Take the lines from the beginning of the material through the line containing "[diagram: clean part render]" and retype them exactly, leaving the pictures out.

[[ The records, beginning ]]

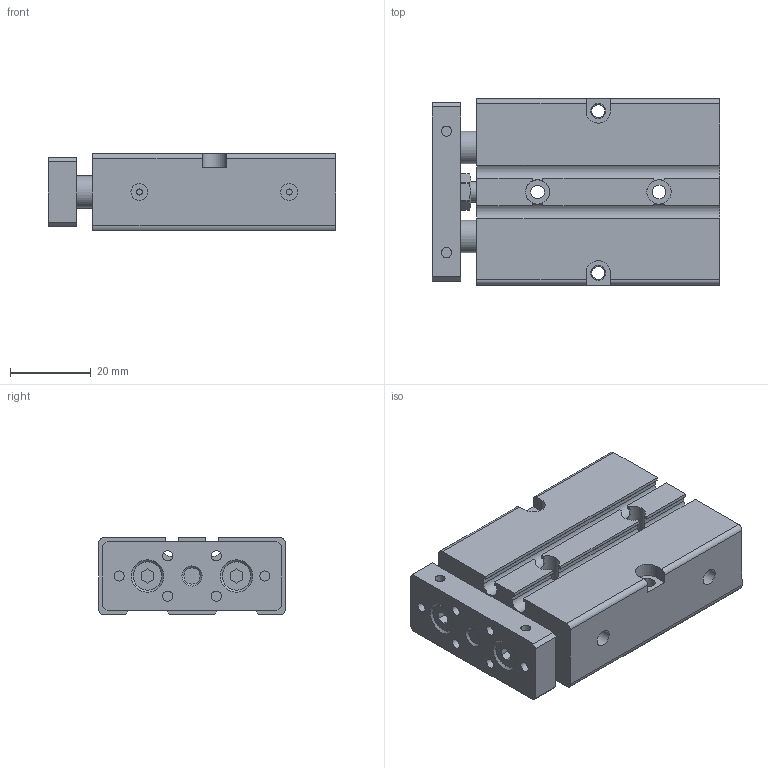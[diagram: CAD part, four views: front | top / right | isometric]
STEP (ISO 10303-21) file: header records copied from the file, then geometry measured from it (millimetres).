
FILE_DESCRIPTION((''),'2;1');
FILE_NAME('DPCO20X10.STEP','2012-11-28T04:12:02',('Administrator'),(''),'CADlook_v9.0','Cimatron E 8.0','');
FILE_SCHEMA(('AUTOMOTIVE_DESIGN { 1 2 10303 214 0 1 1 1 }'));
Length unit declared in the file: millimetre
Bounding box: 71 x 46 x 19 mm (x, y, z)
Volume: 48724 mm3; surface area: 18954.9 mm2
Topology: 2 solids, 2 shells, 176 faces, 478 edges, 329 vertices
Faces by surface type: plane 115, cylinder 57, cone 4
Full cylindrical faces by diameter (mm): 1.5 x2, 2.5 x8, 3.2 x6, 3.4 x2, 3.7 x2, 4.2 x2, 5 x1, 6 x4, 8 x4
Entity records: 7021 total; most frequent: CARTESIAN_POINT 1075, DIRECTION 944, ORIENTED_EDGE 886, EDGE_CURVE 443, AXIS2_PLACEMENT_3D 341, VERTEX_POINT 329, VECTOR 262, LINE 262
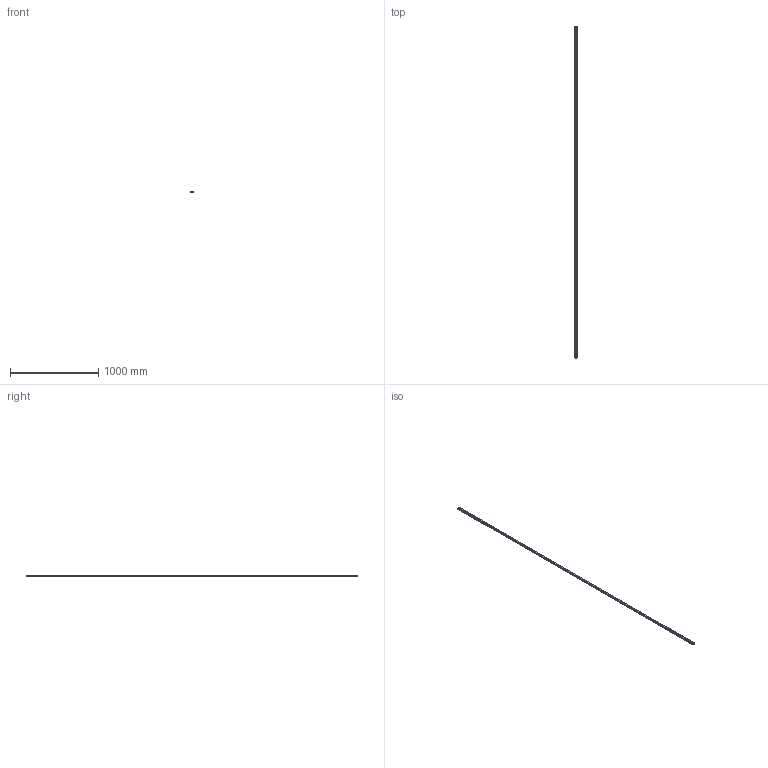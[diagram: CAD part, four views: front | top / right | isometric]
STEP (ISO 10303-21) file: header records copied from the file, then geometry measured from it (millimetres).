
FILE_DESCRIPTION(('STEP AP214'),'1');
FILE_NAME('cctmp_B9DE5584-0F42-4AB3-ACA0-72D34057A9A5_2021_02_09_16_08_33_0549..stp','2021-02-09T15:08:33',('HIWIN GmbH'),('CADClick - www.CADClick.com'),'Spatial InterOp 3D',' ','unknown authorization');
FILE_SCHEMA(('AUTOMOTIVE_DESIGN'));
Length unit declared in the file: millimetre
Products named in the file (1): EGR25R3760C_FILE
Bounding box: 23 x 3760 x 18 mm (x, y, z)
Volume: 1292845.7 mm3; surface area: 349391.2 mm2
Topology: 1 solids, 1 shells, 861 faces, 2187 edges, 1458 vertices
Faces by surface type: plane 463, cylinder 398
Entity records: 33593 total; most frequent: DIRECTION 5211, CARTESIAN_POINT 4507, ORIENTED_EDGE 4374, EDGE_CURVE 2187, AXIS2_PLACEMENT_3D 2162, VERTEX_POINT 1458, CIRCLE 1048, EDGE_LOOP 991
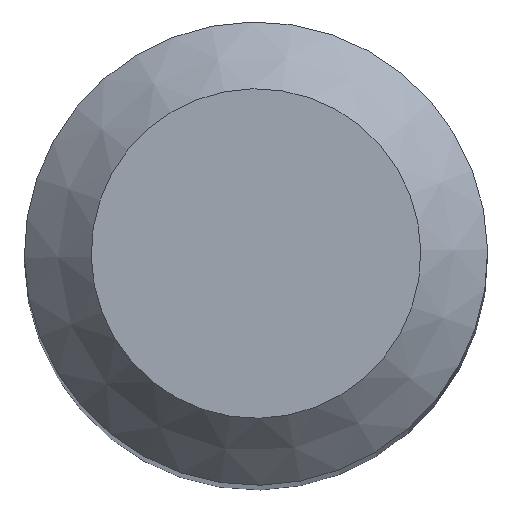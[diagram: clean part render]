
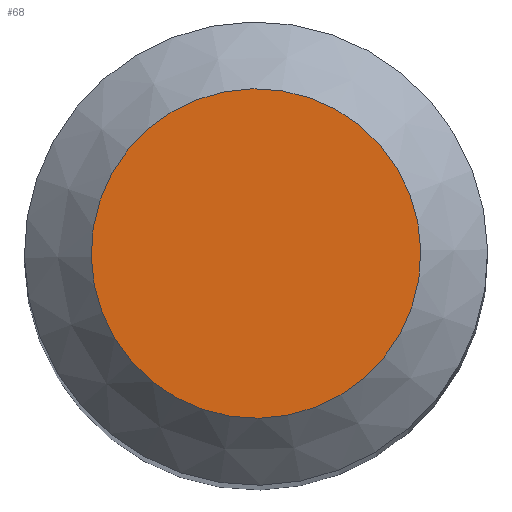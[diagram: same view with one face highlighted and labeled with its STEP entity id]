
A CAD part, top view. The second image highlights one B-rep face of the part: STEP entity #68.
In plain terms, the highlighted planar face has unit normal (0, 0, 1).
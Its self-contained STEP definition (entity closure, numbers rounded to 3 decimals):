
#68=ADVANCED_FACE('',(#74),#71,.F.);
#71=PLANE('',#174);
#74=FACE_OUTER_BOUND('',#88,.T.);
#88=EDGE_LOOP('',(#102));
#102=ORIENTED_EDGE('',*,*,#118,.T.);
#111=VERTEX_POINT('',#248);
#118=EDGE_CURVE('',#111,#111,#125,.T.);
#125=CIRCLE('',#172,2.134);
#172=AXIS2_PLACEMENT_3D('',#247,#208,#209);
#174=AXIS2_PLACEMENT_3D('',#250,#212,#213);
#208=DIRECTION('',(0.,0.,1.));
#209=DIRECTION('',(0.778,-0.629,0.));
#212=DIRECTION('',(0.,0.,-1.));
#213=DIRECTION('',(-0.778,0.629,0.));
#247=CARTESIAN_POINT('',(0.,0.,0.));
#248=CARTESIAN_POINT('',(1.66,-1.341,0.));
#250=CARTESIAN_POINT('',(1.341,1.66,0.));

[[ The records, end ]]

### Written response
[diagram: CAD part, four views: front | top / right | isometric]
STEP (ISO 10303-21) file: header records copied from the file, then geometry measured from it (millimetres).
FILE_DESCRIPTION((''),'2;1');
FILE_NAME('DPCO20X10.STEP','2012-11-28T04:12:02',('Administrator'),(''),'CADlook_v9.0','Cimatron E 8.0','');
FILE_SCHEMA(('AUTOMOTIVE_DESIGN { 1 2 10303 214 0 1 1 1 }'));
Length unit declared in the file: millimetre
Bounding box: 71 x 46 x 19 mm (x, y, z)
Volume: 48724 mm3; surface area: 18954.9 mm2
Topology: 2 solids, 2 shells, 176 faces, 478 edges, 329 vertices
Faces by surface type: plane 115, cylinder 57, cone 4
Full cylindrical faces by diameter (mm): 1.5 x2, 2.5 x8, 3.2 x6, 3.4 x2, 3.7 x2, 4.2 x2, 5 x1, 6 x4, 8 x4
Entity records: 7021 total; most frequent: CARTESIAN_POINT 1075, DIRECTION 944, ORIENTED_EDGE 886, EDGE_CURVE 443, AXIS2_PLACEMENT_3D 341, VERTEX_POINT 329, VECTOR 262, LINE 262
[diagram: CAD part, four views: front | top / right | isometric]
STEP (ISO 10303-21) file: header records copied from the file, then geometry measured from it (millimetres).
FILE_DESCRIPTION(('STEP AP214'),'1');
FILE_NAME('cctmp_B9DE5584-0F42-4AB3-ACA0-72D34057A9A5_2021_02_09_16_08_33_0549..stp','2021-02-09T15:08:33',('HIWIN GmbH'),('CADClick - www.CADClick.com'),'Spatial InterOp 3D',' ','unknown authorization');
FILE_SCHEMA(('AUTOMOTIVE_DESIGN'));
Length unit declared in the file: millimetre
Products named in the file (1): EGR25R3760C_FILE
Bounding box: 23 x 3760 x 18 mm (x, y, z)
Volume: 1292845.7 mm3; surface area: 349391.2 mm2
Topology: 1 solids, 1 shells, 861 faces, 2187 edges, 1458 vertices
Faces by surface type: plane 463, cylinder 398
Entity records: 33593 total; most frequent: DIRECTION 5211, CARTESIAN_POINT 4507, ORIENTED_EDGE 4374, EDGE_CURVE 2187, AXIS2_PLACEMENT_3D 2162, VERTEX_POINT 1458, CIRCLE 1048, EDGE_LOOP 991
[diagram: clean part render]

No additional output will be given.